Authors: Elsie Chapman
Tags: #Young Adult Fiction, #Dystopian, #Romance, #General, #Juvenile Fiction, #Love & Romance
“Inking will do that at first,” Dire says, lumbering back into the room like a bull. “You’ll get most of the feeling back.”
“Most? Why didn’t you warn me?” A rippling coil of fear
that I’ll never again be sure I’m wielding a weapon as best as I know how. That I’ve just wasted all the time my brothers spent training with me.
He shrugs. The motion is nearly elegant for someone who’s built like a freight train. “Would it have changed your mind?”
No, it wouldn’t have. I examine my marks again. The dark, thin curlicues encircling my wrists make me think of assignment numbers unspooling.
“Be careful with the marks; we never could get the ink any lighter than that, so you’ll have to cover them up,” Dire says tersely. “Only when you die will they no longer risk giving us away. Once the blood stops moving through your veins, it signals the tracking chips to automatically malfunction. The Board won’t be able to circle back to us.”
“But why the wrists?” I ask him. “Why not somewhere less visible, easier to hide?”
“Unless you chop off your most valuable assets, you’re stuck with them. No chance of you going rogue on us; a striker without hands is worthless.”
He pulls out his chair and sits down across from me again. “Now for the details. You will always be reachable, at all times. Unless there are special circumstances, we match up clients with whoever’s available. If it’s you, you’ll get a text with everything you’ll need—client contact info, client pic, assignment number, fresh spec sheet with Alt location. Sometimes workplace, routines, behavioral patterns, depending how long they’ve been tracked for. You’ll then contact the client and let them know your terms of payment. Most strikers charge about what an idle makes in a month at co-op level, and it
goes up from there. We take twenty-five percent off whatever you make, so make sure you wire it in. You’ll have twenty-four hours to complete. However you execute a strike is up to you, but just as the Board suggests, best to keep it fast, clean, quiet.” Then Dire’s laughing, and the dark undertone of it points to how I’ve only stepped from beneath one shadow to another. “Twisted, isn’t it? Us and the Board, both wanting the same thing from you.”
“Yeah, I guess.” I get to my feet, hoping the weakness I feel in my legs won’t make me fall. I start walking away, suddenly craving light brighter than that coming from the bare bulbs in the room. “You have my cell number from when I called before.” What can I say that won’t sound so completely surreal? There’s nothing.
Dire, still in his seat at the table, watches me walk past. “For your first contract, right?”
“What else?” My wrists and palms sting a bit now, just the slightest hum right beneath the skin.
“Grayer.”
I’m at the door. “What?”
“Your first contract comes now.”
My heart gallops into my throat and tastes entirely of fear.
No, not now, I’m not ready
. Slowly I turn around and make my way back to the table. “Tell me.”
Dire’s eyes are narrowed, cold blue flame. “None of this getting your feet wet first—we’re going right for the deep end. Better hope you swim, not sink.”

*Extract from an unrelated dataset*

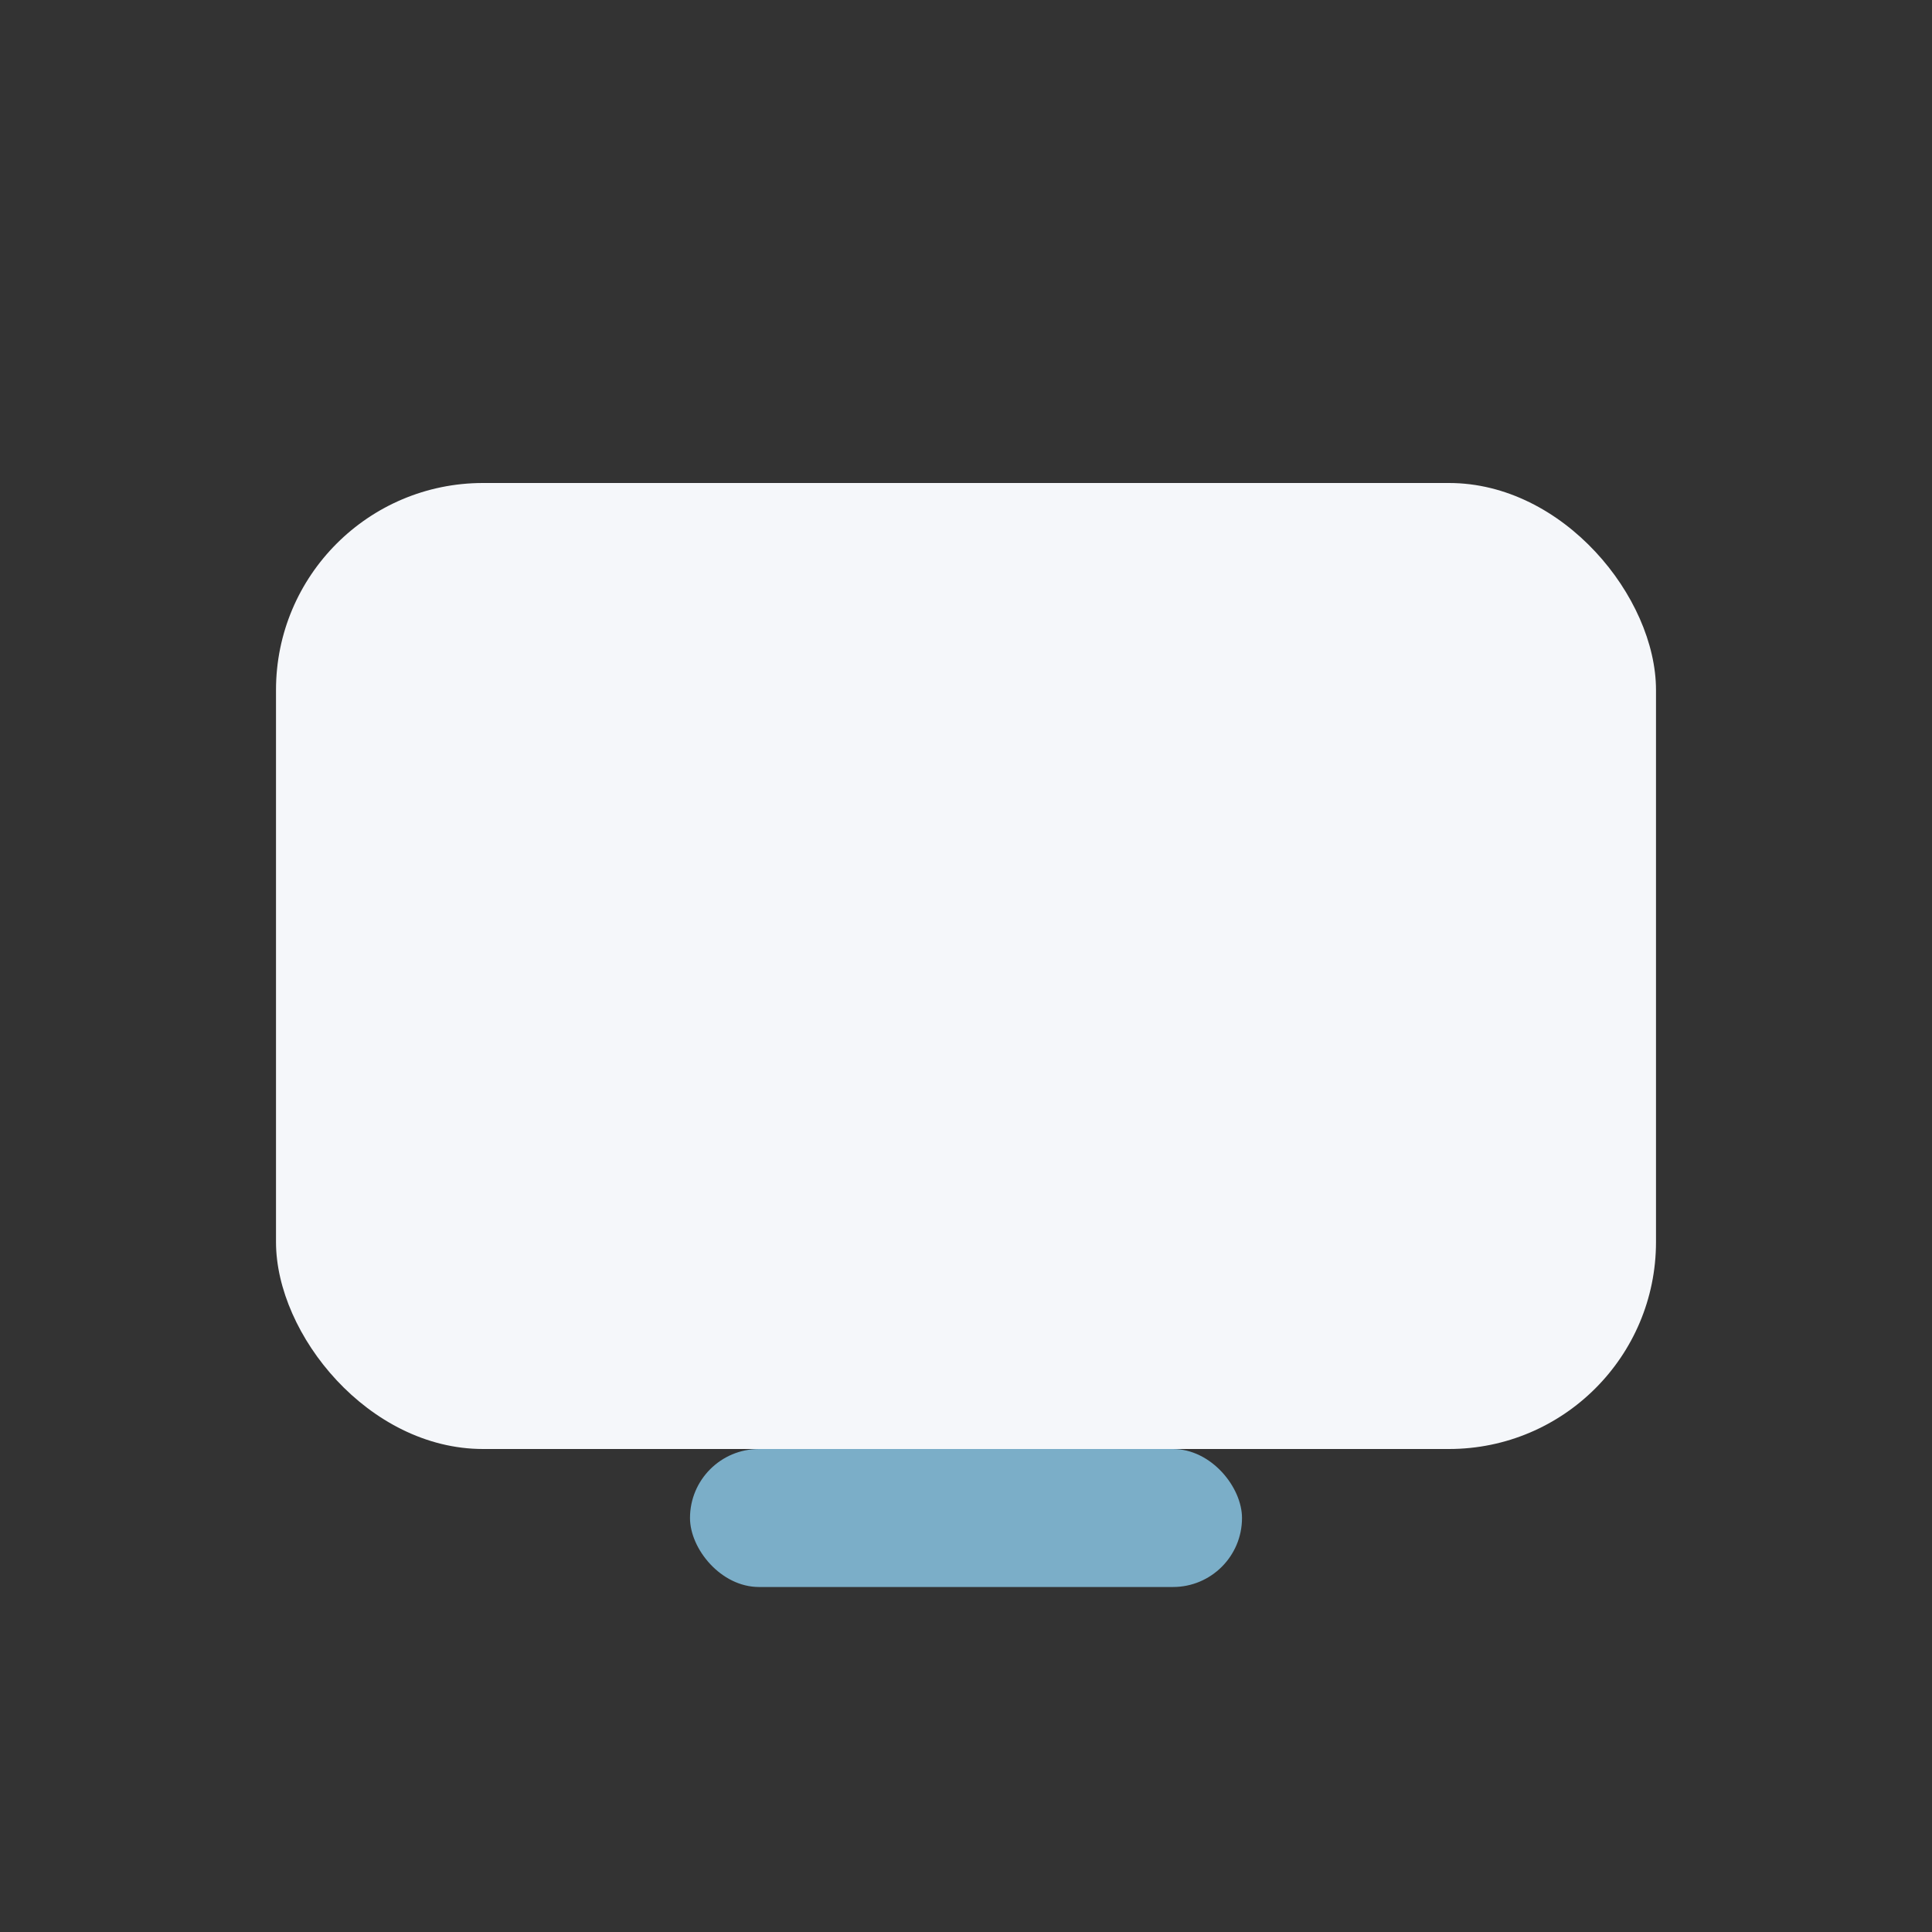 <?xml version="1.0" encoding="UTF-8"?>
<svg xmlns="http://www.w3.org/2000/svg" width="28" height="28" viewBox="0 0 28 28"><rect x="0" y="0" width="28" height="28" fill="#333333" stroke="none"/><rect x="4" y="7" width="20" height="14" rx="3" fill="#F5F7FA"/><rect x="10" y="21" width="8" height="2" rx="1" fill="#7BAEC8"/></svg>

“Is this the test, then?” I ask, my voice a dry rasp. “Because getting my marks wasn’t enough?”
“Compared to killing, your marks are child’s play. So prove me wrong, and Baer right. Be sure to check your cell on the way out.”
And with that I know it’s begun.
Her house is in a neighborhood in Jethro’s bottommost end, right before the ward gives way to Leyton in the south. On the quiet side, average income on par with the rest of Jethro’s suburbs. Maybe even a touch higher, seeing how some of the worn exteriors and tired lawns have been spiffed up. Still nowhere close to white-collar territory like Leyton Ward, though.
It explains why she couldn’t afford a striker. Not that money is necessarily the only reason. Principle, pride, stubbornness, confidence, apathy … they can all come into play. And ultimately, none of it matters. Because it doesn’t change the fact that I’m here.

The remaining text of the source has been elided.